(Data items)
___
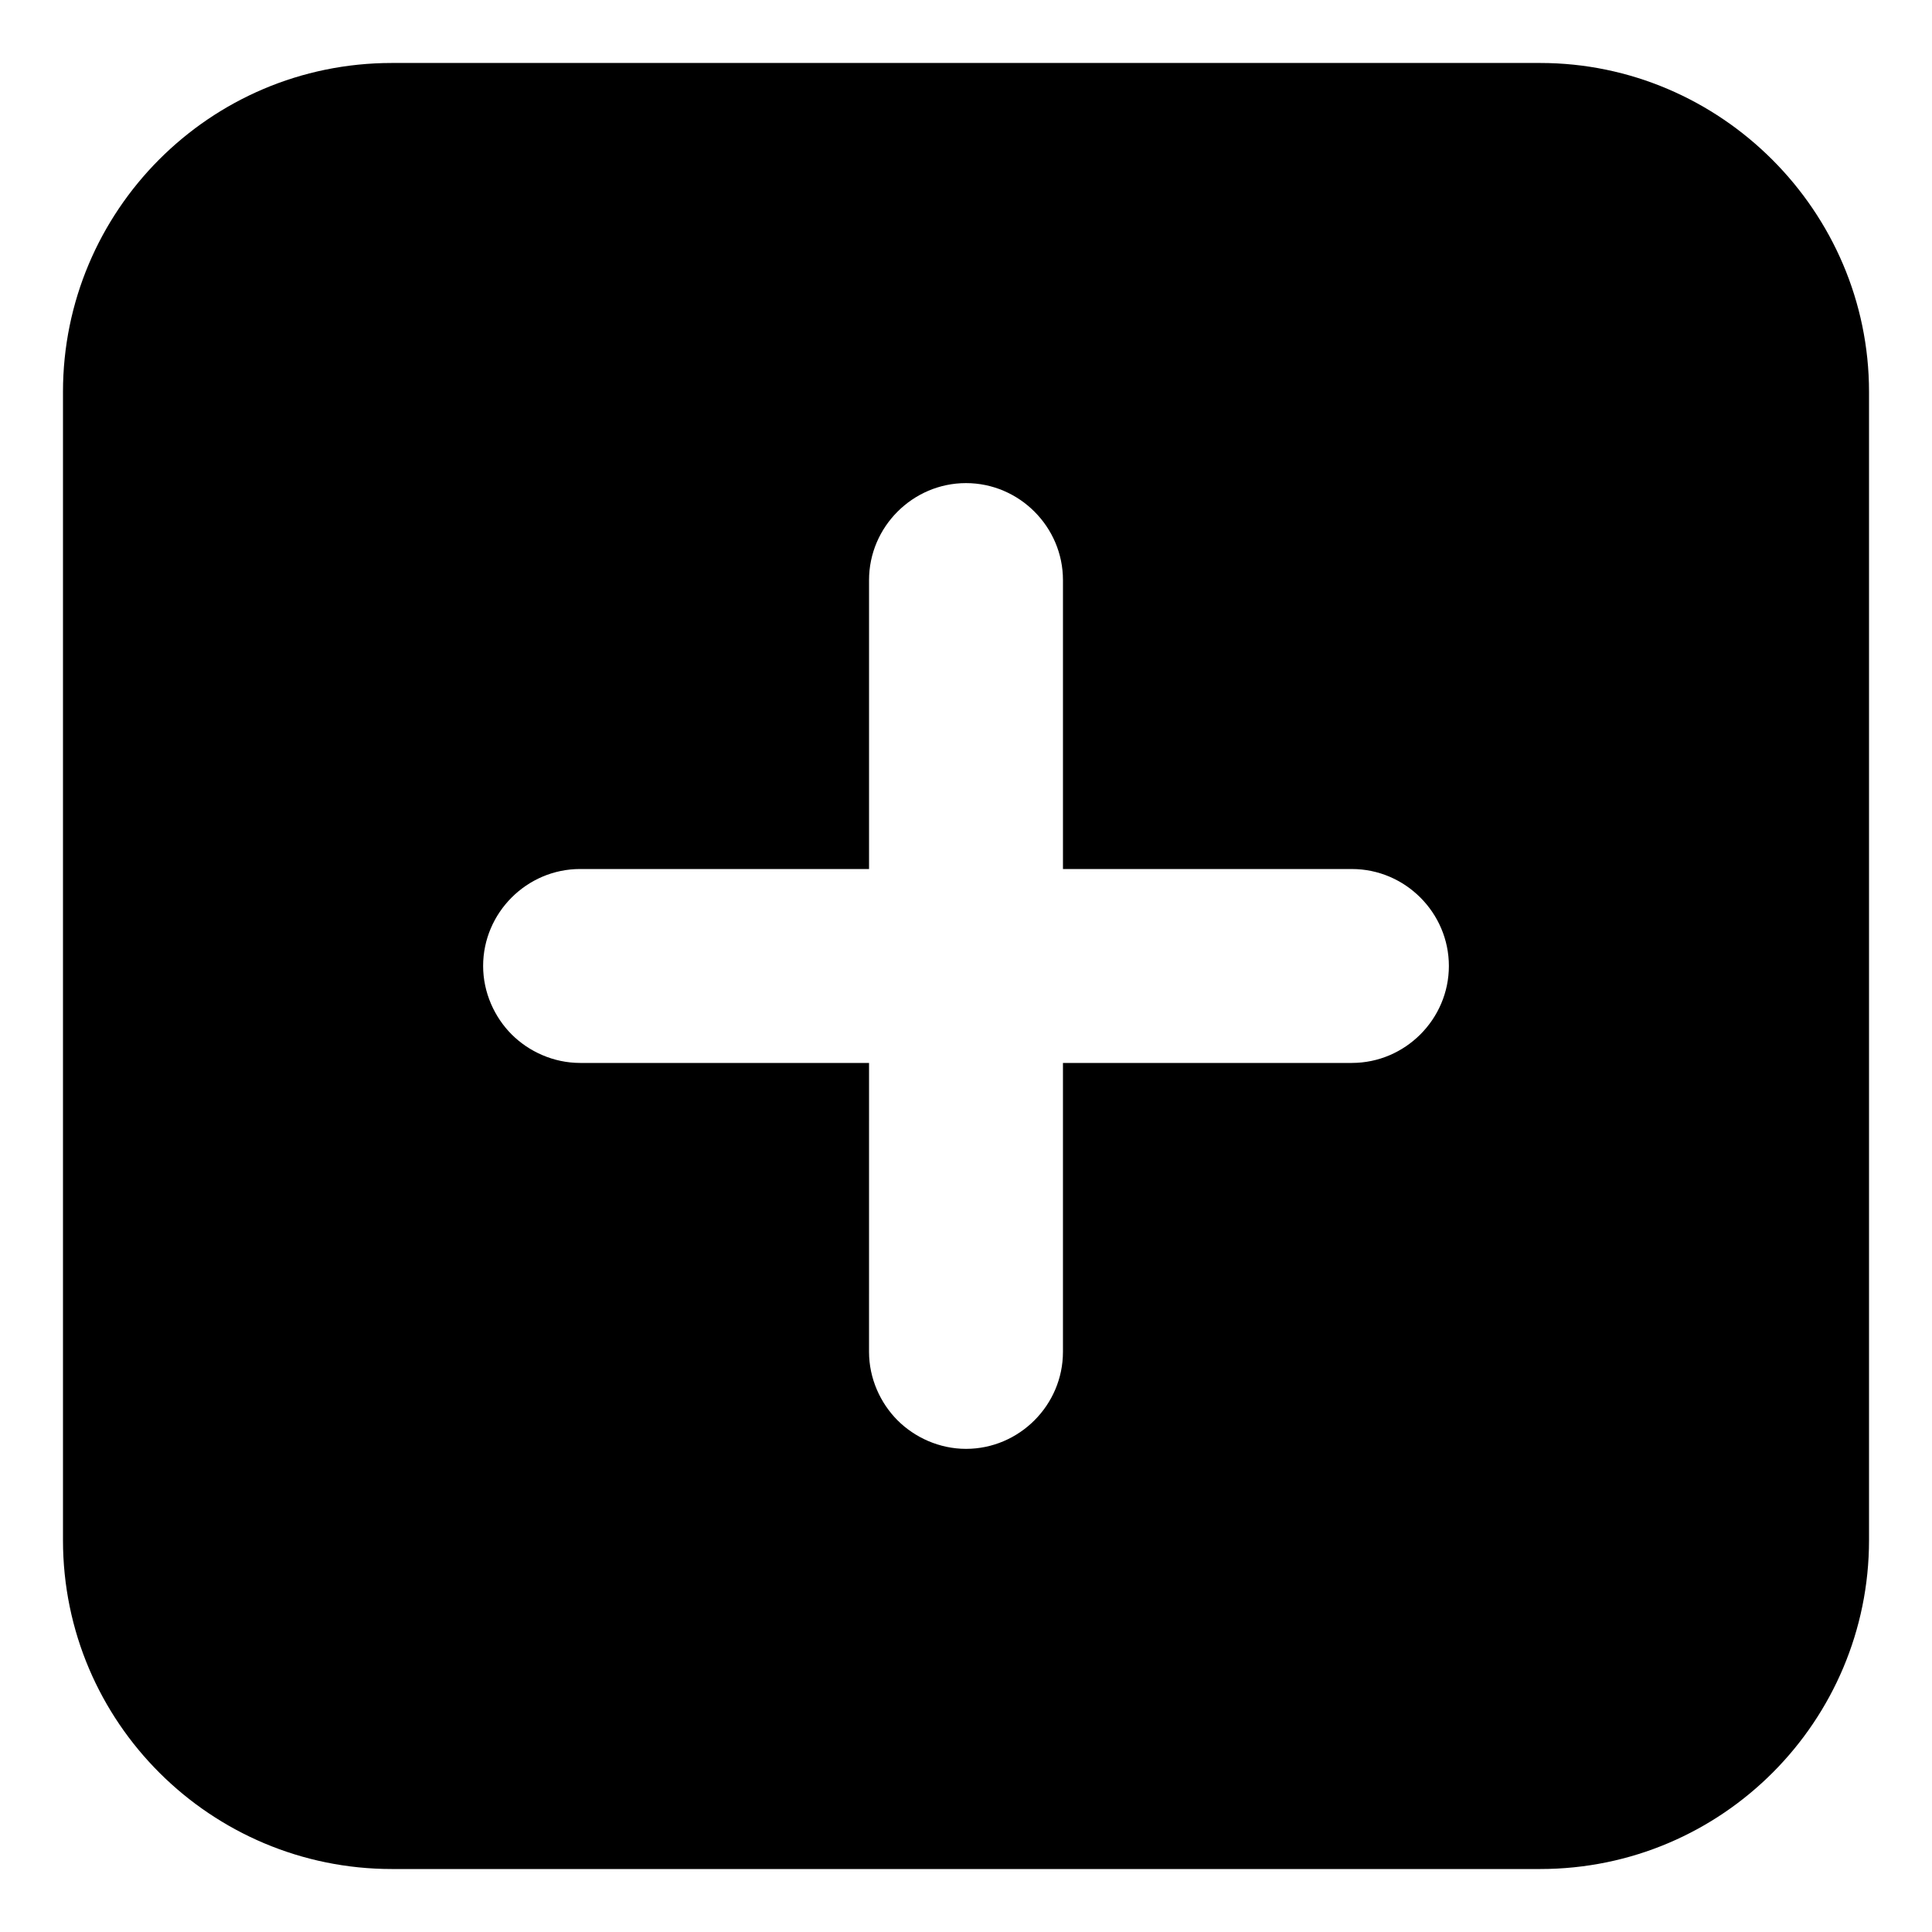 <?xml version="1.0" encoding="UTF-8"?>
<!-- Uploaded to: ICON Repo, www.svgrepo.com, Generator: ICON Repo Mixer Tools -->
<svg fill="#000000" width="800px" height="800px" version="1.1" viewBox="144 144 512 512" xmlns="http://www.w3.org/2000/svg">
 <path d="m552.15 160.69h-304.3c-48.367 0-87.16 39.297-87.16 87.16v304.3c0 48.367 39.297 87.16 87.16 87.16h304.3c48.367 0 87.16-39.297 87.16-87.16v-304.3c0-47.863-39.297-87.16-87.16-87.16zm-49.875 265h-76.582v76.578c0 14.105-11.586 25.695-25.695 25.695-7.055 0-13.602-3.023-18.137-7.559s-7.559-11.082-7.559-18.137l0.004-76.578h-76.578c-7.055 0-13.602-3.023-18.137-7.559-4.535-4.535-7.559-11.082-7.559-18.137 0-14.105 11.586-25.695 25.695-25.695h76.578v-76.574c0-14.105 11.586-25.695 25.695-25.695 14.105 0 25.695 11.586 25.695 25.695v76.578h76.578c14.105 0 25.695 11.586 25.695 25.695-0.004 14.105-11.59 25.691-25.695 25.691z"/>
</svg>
___
With the pictures stripped out, return each record word for word.

 <?xml version="1.0" encoding="UTF-8"?>
<!-- Uploaded to: ICON Repo, www.svgrepo.com, Generator: ICON Repo Mixer Tools -->
<svg fill="#000000" width="800px" height="800px" version="1.1" viewBox="144 144 512 512" xmlns="http://www.w3.org/2000/svg">
 <path d="m552.15 160.69h-304.3c-48.367 0-87.16 39.297-87.16 87.16v304.3c0 48.367 39.297 87.16 87.16 87.16h304.3c48.367 0 87.16-39.297 87.16-87.16v-304.3c0-47.863-39.297-87.16-87.16-87.16zm-49.875 265h-76.582v76.578c0 14.105-11.586 25.695-25.695 25.695-7.055 0-13.602-3.023-18.137-7.559s-7.559-11.082-7.559-18.137l0.004-76.578h-76.578c-7.055 0-13.602-3.023-18.137-7.559-4.535-4.535-7.559-11.082-7.559-18.137 0-14.105 11.586-25.695 25.695-25.695h76.578v-76.574c0-14.105 11.586-25.695 25.695-25.695 14.105 0 25.695 11.586 25.695 25.695v76.578h76.578c14.105 0 25.695 11.586 25.695 25.695-0.004 14.105-11.59 25.691-25.695 25.691z"/>
</svg>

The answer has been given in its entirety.